Kini Ada yang Jadi Kafe
Hanya di Bondowoso yang Jadi Museum
GRUJUGAN KIDUL, Radar Ijen – Terdapat lima stasiun kereta api di Bondowoso. Namun, hanya satu yang benar-benar berfungsi untuk bidang perkeretaapian. Yakni Stasiun Bondowoso yang difungsikan sebagai museum. Sementara empat lainnya, ada yang terbengkalai, ada yang disewakan untuk kafe.
Kepala Stasiun Bondowoso Sugeng Adiwiyono mengatakan semua stasiun yang di Bondowoso saat ini masih di bawah tanggung jawab PT Kereta Api Indonesia (KAI). “Kalau stasiun lama itu perawatannya masih tanggung jawab KAI. Ada di KAI yang mengurusi bagian aset, jadi itu tetap dirawat,” tuturnya.
Meskipun begitu, pria asal Kecamatan Kalibaru, Banyuwangi itu mengatakan ada sebagian stasiun di Bondowoso yang disewakan untuk menjadi sebuah kafe. Seperti yang terjadi pada Stasiun Grujugan. “Kalau di Grujugan itu kontrak sewa. Dijadikan kafe. Daripada terbengkalai. Kalau yang lain masih seperti biasa,” tuturnya.
Dia juga menjelaskan, meskipun posisinya adalah Kepala Stasiun Bondowoso, Sugeng mengaku dirinya juga membawahi semua stasiun di Bondowoso. Terutama yang berkaitan dengan perawatan. “Saya juga sambil mengawasi stasiun yang lain. Jadi kalau ada apa-apa dengan Stasiun Prajekan, misalnya, itu ke saya,” ungkapnya.

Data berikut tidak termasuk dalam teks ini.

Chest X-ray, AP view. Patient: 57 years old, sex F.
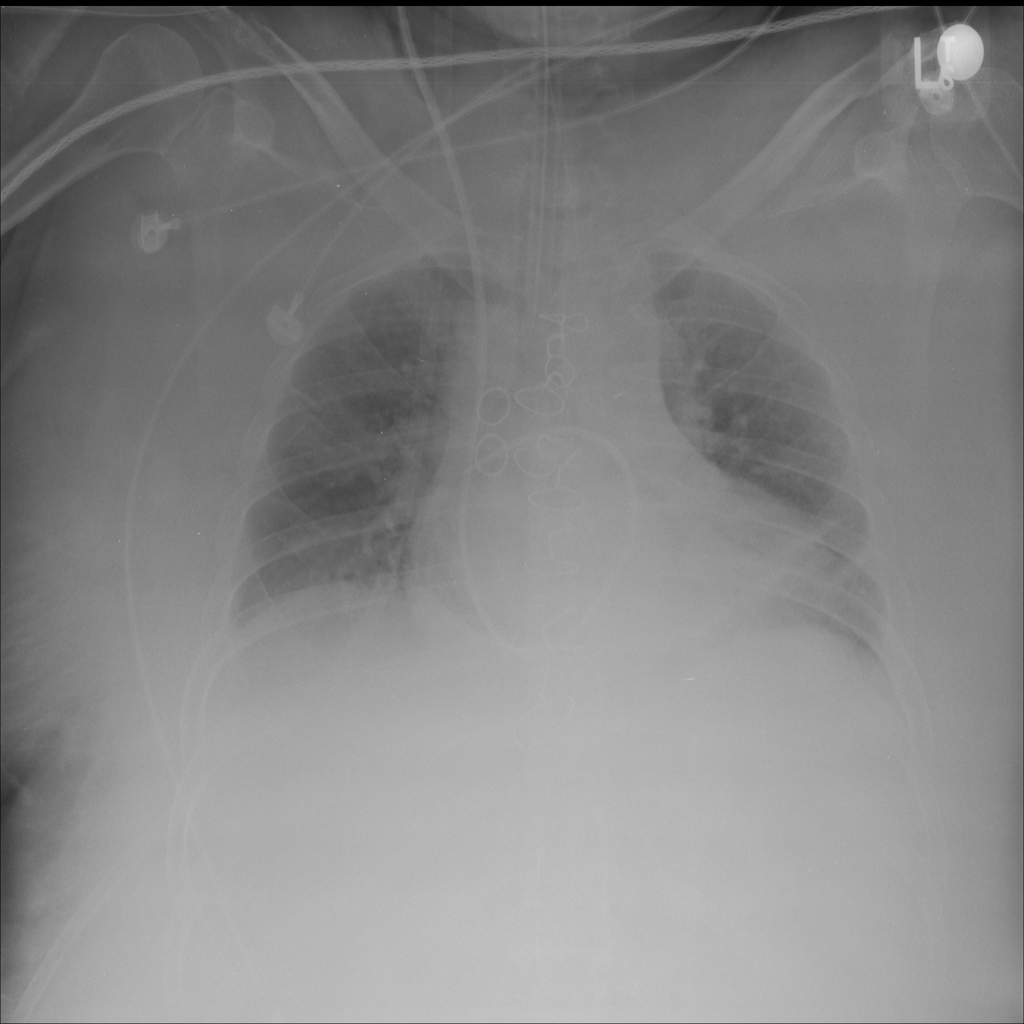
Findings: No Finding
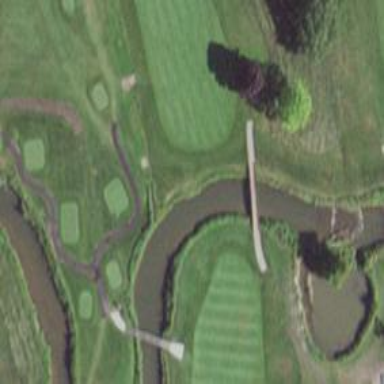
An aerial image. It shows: Path for both road and golf.
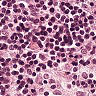
Metastatic tissue present: no
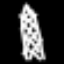
Label: The Eiffel Tower
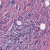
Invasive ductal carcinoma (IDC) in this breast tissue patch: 1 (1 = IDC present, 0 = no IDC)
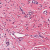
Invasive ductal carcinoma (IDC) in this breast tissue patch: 0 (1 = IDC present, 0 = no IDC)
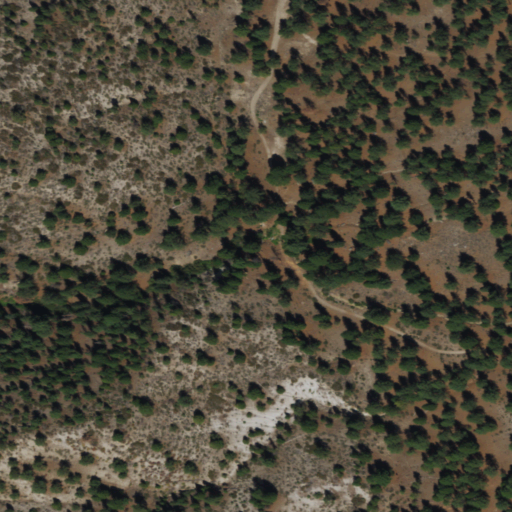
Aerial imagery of valley in Nevada named Water Canyon containing shrub and evergreen forest
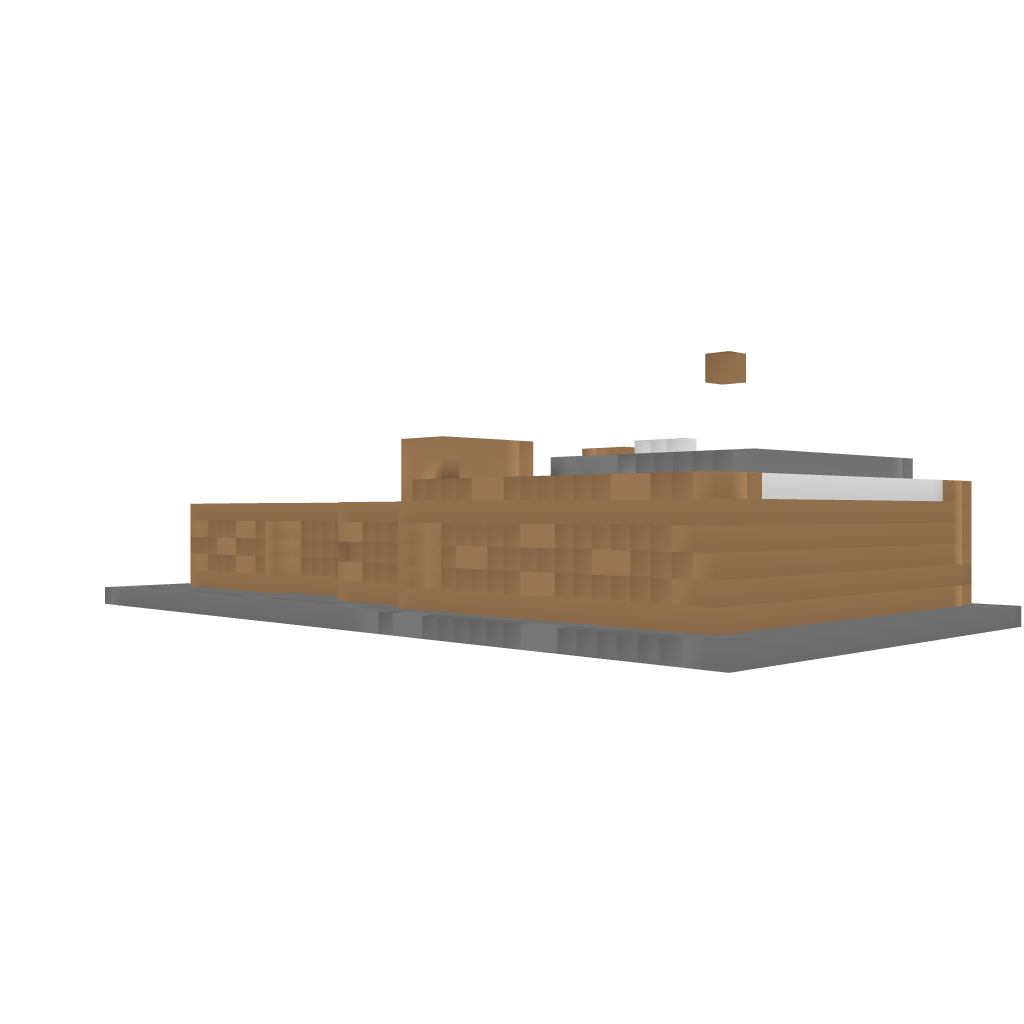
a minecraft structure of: Mini Mansion bad low quality
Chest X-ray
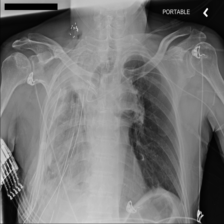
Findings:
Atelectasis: negative
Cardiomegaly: negative
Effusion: positive
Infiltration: negative
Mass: negative
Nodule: negative
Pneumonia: negative
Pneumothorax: negative
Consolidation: negative
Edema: negative
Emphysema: negative
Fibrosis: negative
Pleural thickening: negative
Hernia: negative
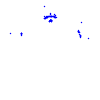
Particle: proton
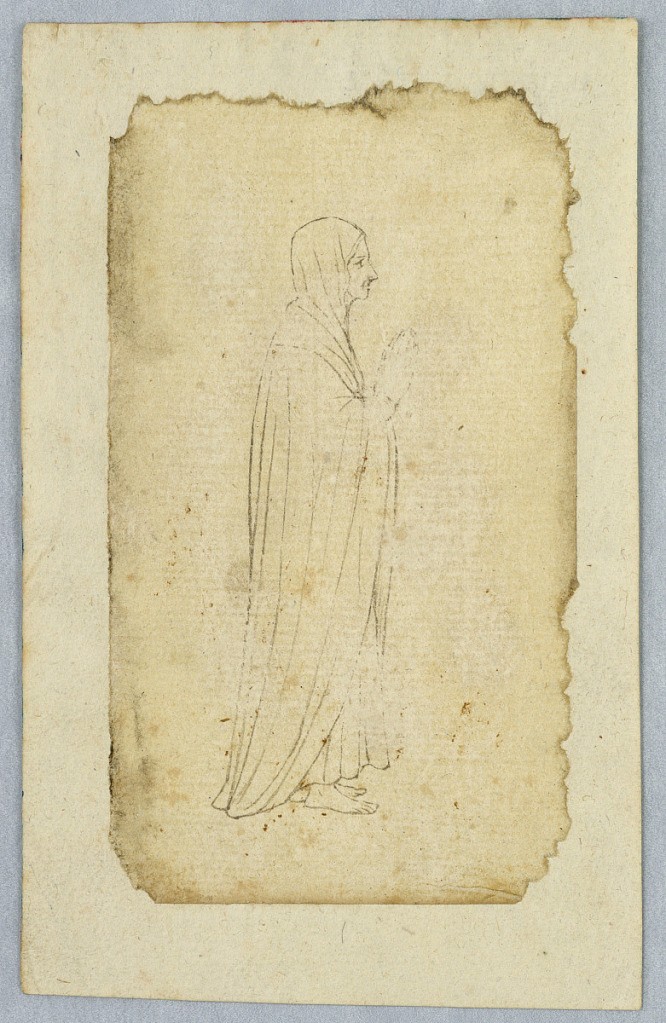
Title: Praying Woman
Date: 1790–1830
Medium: Pen and ink on paper
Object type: Drawing
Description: A bare-footed woman stands facing right, her hands together in prayer.
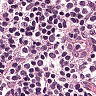
Metastatic tissue present: no
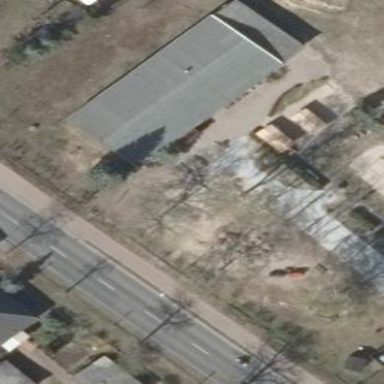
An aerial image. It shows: Kindergarten building.
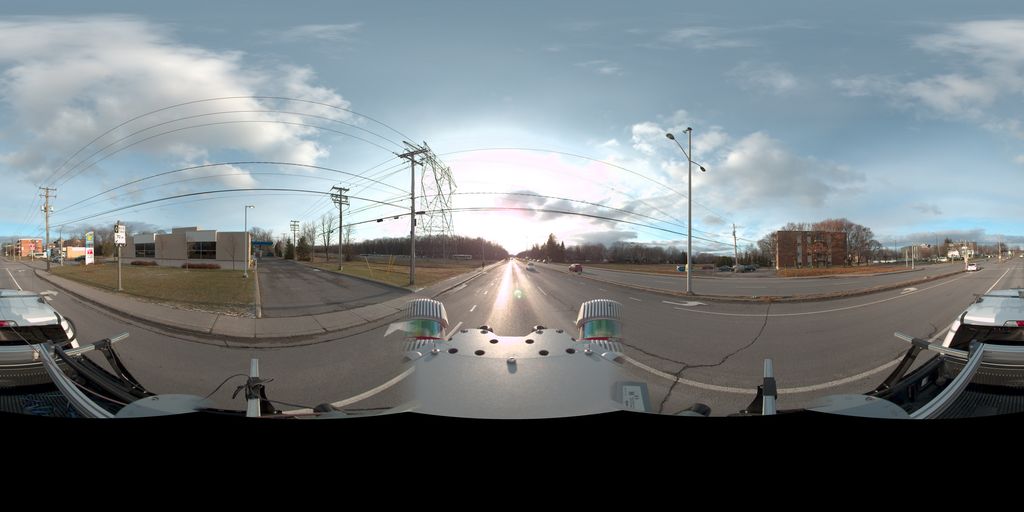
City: quebec_city

Mantan kepala stasiun di Banyuwangi dan Probolinggo itu juga mengatakan, jika nantinya jalur kereta di Bondowoso kembali diaktifkan, pihaknya siap untuk menyiapkan semua stasiun untuk digunakan kembali. “Kalau mau diaktifkan kembali tinggal perbaikan saja. Atau memang beberapa stasiun butuh perbaikan yang banyak,” jelasnya.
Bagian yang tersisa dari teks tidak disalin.